MATERIAL SUPPLIED:

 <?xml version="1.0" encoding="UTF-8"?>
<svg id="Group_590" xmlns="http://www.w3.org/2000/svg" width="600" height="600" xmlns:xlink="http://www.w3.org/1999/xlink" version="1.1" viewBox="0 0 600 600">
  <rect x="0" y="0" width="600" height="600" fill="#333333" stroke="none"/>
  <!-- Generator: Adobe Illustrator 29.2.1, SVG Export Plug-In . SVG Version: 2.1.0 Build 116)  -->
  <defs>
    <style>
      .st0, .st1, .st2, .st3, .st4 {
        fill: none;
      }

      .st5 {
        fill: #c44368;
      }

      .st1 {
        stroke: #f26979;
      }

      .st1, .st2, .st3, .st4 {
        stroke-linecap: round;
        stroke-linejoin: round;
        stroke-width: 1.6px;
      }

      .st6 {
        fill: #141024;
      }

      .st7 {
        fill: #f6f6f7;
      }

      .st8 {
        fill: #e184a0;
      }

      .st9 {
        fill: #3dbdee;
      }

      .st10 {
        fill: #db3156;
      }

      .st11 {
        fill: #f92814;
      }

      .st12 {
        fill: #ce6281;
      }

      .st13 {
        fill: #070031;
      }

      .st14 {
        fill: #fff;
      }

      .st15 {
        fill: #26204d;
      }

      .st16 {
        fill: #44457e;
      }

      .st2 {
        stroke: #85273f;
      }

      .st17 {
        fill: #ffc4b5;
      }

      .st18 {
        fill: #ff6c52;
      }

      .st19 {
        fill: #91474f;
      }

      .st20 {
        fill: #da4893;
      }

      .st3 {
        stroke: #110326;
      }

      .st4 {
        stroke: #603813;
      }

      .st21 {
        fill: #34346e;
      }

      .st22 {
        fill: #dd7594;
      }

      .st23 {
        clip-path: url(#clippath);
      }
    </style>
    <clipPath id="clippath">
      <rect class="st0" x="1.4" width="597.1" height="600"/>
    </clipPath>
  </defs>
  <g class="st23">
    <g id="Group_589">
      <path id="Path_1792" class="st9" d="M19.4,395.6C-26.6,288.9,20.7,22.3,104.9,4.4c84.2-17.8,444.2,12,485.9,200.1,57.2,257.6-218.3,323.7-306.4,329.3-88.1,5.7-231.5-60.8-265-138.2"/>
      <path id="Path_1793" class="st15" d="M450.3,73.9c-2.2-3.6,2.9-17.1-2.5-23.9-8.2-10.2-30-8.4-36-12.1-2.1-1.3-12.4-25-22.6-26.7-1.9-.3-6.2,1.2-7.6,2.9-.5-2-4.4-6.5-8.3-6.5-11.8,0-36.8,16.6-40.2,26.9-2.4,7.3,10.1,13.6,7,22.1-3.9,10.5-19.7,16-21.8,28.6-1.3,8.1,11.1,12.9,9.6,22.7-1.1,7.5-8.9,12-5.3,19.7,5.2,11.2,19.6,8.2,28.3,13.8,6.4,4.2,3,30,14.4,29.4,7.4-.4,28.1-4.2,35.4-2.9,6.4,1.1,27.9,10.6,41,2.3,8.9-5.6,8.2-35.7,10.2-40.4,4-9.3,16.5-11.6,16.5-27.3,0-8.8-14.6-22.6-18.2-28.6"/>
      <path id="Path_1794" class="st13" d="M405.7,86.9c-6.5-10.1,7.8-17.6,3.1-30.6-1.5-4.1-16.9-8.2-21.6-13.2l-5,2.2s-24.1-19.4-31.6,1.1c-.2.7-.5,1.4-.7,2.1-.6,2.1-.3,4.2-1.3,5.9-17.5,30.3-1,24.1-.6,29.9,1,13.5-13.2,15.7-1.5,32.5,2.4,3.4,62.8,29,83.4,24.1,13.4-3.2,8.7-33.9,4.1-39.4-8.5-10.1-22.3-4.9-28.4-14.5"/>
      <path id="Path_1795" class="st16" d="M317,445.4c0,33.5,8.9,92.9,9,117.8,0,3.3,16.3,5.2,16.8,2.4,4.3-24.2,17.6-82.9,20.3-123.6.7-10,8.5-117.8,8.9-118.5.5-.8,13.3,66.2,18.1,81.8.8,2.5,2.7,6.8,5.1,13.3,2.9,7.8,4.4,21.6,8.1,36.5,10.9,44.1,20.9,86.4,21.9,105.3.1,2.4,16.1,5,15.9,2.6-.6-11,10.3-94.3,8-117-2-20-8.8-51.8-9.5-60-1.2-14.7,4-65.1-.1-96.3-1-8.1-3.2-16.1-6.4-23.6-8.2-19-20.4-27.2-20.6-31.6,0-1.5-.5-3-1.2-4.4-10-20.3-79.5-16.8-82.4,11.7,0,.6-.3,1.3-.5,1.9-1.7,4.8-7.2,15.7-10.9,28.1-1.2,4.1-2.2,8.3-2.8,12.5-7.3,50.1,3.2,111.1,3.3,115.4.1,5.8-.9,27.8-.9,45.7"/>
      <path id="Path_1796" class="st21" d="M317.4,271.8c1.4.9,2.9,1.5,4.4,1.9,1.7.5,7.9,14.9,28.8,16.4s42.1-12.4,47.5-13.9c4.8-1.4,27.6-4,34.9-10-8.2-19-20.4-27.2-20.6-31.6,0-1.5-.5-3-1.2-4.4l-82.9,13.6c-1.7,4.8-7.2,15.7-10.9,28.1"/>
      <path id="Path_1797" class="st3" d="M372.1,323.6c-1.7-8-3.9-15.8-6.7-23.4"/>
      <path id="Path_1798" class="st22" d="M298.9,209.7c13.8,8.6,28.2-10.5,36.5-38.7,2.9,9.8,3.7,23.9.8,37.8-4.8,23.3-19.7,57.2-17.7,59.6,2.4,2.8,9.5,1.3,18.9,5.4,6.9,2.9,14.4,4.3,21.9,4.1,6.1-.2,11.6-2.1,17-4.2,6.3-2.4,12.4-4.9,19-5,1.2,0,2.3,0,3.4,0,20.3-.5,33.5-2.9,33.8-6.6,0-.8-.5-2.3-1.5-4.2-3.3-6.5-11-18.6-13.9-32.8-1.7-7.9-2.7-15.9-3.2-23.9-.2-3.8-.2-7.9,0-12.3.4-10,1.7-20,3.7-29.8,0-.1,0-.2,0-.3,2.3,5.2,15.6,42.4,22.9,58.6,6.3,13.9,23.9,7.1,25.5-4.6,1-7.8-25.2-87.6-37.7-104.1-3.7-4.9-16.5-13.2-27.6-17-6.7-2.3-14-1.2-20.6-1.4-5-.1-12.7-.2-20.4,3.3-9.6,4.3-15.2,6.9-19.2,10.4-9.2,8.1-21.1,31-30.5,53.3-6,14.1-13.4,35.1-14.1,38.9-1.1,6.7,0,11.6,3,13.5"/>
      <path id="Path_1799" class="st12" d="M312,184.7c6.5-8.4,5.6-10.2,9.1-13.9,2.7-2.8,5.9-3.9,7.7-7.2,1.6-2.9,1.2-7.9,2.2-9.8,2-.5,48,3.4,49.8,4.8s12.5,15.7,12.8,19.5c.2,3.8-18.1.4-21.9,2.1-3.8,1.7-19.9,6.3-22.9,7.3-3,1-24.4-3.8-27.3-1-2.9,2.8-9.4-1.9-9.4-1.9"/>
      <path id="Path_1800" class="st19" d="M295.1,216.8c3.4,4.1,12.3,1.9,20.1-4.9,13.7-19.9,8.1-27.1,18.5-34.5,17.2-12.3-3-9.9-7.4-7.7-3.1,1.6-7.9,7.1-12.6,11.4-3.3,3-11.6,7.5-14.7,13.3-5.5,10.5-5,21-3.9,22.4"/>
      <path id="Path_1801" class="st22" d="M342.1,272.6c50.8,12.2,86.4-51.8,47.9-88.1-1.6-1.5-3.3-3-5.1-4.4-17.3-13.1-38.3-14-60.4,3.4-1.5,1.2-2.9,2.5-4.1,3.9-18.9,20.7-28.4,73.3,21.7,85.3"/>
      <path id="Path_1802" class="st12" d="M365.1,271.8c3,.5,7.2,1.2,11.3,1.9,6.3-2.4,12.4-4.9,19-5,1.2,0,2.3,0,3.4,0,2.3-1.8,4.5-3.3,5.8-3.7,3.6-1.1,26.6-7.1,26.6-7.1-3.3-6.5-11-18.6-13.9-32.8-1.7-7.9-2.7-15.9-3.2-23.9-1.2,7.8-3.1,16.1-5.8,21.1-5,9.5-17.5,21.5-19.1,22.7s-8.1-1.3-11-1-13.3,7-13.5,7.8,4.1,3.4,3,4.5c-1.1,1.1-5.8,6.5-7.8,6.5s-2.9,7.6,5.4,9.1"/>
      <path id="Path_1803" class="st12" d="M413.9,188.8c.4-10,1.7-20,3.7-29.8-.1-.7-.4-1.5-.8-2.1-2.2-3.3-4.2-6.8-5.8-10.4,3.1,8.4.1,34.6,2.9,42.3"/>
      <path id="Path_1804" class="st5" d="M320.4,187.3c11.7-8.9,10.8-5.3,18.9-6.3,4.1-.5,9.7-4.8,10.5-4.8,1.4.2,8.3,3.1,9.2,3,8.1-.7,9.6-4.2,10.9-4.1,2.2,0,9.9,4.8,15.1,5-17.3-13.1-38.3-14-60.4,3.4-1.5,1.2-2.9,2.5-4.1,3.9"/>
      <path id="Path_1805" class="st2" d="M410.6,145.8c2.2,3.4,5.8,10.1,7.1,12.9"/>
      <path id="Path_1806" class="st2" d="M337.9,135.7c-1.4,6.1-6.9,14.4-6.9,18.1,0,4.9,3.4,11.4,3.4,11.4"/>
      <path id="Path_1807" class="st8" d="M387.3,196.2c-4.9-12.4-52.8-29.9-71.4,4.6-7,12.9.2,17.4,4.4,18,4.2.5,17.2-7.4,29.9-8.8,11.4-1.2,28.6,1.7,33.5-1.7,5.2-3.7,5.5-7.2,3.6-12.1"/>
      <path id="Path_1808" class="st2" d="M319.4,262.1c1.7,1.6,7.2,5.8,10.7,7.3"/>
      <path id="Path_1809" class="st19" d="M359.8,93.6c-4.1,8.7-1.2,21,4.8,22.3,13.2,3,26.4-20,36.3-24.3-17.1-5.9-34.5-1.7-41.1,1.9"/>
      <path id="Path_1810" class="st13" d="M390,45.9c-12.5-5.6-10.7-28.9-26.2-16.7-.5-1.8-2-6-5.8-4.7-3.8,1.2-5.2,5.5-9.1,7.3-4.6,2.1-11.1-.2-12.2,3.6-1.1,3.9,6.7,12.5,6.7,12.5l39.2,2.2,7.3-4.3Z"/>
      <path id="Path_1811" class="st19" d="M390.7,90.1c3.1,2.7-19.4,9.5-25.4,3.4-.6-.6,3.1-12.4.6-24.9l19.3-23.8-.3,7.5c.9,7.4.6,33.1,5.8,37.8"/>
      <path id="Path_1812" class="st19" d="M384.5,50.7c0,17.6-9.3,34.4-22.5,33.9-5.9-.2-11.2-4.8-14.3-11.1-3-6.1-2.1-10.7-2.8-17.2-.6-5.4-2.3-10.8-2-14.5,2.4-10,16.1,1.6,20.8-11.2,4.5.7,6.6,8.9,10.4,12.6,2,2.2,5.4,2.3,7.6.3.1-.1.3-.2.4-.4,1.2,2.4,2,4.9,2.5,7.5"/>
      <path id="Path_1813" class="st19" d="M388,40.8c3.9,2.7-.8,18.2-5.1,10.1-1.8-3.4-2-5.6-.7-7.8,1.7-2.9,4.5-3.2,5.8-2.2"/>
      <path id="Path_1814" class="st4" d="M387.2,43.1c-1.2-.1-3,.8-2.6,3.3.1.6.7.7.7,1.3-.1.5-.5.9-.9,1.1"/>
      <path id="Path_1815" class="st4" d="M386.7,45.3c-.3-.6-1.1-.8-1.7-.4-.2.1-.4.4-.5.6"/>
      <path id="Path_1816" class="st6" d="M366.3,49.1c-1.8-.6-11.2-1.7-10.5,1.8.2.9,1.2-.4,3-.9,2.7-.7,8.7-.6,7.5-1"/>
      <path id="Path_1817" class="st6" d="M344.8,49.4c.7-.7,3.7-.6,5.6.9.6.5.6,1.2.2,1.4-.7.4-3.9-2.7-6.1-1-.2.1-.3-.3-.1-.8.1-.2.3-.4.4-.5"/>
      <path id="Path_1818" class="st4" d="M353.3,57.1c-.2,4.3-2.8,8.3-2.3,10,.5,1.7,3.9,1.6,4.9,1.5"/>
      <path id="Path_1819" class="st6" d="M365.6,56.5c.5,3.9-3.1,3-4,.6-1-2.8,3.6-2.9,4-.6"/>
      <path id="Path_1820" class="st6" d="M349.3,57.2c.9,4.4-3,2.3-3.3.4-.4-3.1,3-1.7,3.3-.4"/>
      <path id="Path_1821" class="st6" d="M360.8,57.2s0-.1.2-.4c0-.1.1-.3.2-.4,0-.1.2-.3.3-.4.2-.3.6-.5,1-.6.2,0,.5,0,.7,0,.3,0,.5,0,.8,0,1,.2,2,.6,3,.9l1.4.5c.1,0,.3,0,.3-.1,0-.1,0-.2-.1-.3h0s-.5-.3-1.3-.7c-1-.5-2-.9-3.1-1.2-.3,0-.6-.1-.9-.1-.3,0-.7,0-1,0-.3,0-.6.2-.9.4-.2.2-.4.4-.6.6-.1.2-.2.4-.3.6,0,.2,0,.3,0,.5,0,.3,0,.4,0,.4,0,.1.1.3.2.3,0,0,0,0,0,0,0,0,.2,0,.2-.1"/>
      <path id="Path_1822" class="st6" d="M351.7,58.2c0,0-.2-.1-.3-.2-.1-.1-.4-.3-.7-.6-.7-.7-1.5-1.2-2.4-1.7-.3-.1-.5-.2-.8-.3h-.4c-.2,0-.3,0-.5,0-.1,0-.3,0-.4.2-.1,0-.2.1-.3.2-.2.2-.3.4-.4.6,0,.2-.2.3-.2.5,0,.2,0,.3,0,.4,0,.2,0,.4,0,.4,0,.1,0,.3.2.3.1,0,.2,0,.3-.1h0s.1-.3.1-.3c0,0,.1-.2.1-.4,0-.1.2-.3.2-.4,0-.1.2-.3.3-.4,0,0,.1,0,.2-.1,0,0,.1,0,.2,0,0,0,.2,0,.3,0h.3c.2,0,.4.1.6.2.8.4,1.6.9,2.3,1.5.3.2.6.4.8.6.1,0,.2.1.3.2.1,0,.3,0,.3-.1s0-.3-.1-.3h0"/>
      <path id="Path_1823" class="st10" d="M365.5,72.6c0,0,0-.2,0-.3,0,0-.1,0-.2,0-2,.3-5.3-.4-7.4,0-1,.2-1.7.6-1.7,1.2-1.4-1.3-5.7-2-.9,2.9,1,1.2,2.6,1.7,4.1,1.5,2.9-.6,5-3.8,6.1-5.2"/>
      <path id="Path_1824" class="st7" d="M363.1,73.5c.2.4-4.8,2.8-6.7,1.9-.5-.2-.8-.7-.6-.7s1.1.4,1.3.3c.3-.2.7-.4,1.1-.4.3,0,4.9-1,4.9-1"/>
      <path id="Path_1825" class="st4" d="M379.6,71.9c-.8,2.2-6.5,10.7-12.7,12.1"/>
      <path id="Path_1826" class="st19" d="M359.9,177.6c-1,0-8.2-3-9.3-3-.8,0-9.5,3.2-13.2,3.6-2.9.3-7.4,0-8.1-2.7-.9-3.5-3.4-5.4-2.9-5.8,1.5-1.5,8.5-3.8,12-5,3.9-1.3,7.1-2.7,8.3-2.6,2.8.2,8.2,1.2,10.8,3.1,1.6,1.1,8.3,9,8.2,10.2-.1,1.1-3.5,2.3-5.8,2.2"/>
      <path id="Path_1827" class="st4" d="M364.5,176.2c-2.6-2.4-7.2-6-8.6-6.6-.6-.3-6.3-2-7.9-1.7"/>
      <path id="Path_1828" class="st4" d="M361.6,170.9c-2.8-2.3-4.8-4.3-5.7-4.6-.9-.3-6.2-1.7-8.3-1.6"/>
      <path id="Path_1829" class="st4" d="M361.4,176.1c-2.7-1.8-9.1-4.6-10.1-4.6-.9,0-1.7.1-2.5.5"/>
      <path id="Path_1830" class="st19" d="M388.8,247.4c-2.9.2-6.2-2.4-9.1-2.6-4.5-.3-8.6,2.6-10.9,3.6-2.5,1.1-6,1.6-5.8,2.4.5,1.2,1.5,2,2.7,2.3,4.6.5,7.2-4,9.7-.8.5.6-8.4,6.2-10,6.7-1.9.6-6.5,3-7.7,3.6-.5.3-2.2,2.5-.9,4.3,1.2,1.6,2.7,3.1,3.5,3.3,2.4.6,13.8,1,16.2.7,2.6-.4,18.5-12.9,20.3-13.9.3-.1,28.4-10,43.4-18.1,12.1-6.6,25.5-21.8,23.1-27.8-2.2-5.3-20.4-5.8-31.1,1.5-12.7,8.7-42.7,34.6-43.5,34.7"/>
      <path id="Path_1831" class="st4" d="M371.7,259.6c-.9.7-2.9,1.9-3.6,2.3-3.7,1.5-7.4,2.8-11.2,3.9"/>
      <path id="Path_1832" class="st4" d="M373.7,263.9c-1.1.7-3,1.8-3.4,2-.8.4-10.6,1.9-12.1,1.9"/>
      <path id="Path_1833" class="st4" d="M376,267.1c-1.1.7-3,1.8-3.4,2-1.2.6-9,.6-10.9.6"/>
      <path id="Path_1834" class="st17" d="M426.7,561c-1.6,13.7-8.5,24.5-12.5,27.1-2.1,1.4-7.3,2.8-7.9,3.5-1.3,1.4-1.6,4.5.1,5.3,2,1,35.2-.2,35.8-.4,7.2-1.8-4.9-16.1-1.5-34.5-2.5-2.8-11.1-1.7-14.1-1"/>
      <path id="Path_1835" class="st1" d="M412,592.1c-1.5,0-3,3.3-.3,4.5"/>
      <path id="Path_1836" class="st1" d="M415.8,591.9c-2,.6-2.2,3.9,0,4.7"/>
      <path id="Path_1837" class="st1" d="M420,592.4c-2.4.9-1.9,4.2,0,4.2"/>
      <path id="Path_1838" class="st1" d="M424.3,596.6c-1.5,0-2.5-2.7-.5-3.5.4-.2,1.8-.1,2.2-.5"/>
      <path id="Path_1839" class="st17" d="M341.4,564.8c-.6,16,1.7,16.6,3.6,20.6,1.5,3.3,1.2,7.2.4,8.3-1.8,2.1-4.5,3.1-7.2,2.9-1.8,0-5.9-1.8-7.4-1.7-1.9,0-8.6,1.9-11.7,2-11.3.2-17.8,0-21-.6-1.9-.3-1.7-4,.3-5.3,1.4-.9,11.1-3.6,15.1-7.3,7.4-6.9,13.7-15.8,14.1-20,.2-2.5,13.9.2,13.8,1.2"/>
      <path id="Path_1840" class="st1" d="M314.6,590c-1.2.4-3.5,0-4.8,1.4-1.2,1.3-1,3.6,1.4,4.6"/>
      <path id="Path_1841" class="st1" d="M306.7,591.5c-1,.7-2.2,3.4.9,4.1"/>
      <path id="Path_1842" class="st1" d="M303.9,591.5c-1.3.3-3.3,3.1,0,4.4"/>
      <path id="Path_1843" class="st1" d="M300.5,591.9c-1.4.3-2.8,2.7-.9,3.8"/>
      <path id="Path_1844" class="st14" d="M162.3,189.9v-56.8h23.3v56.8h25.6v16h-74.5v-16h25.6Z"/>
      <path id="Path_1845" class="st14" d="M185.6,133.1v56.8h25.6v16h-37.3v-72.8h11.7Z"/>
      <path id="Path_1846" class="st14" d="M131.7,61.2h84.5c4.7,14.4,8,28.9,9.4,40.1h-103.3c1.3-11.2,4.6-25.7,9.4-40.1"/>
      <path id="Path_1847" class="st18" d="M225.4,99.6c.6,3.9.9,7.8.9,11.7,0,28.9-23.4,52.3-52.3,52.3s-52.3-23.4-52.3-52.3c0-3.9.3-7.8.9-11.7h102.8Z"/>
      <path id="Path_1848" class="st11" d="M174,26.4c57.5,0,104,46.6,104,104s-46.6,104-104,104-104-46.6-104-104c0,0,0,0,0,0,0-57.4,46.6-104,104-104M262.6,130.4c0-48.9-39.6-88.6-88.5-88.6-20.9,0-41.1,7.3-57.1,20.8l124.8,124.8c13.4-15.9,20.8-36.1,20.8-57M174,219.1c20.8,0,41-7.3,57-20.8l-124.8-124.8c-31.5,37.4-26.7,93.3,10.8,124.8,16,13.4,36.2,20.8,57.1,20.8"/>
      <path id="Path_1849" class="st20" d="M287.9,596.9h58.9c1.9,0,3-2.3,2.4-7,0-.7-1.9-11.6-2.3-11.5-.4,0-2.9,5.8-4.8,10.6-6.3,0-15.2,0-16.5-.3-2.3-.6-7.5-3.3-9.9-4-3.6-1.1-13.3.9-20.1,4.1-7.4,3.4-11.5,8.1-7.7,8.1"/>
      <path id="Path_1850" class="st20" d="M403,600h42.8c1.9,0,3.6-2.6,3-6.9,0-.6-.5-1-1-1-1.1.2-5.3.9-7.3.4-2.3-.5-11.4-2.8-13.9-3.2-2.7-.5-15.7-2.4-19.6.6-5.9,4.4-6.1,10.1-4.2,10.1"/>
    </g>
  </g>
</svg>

WHAT YOU HAVE TO DO:
The lines holding the string "rect" in the listing above are what you should copy out.

WRITTEN REPLY:
  <rect x="0" y="0" width="600" height="600" fill="#333333" stroke="none"/>
      <rect class="st0" x="1.4" width="597.1" height="600"/>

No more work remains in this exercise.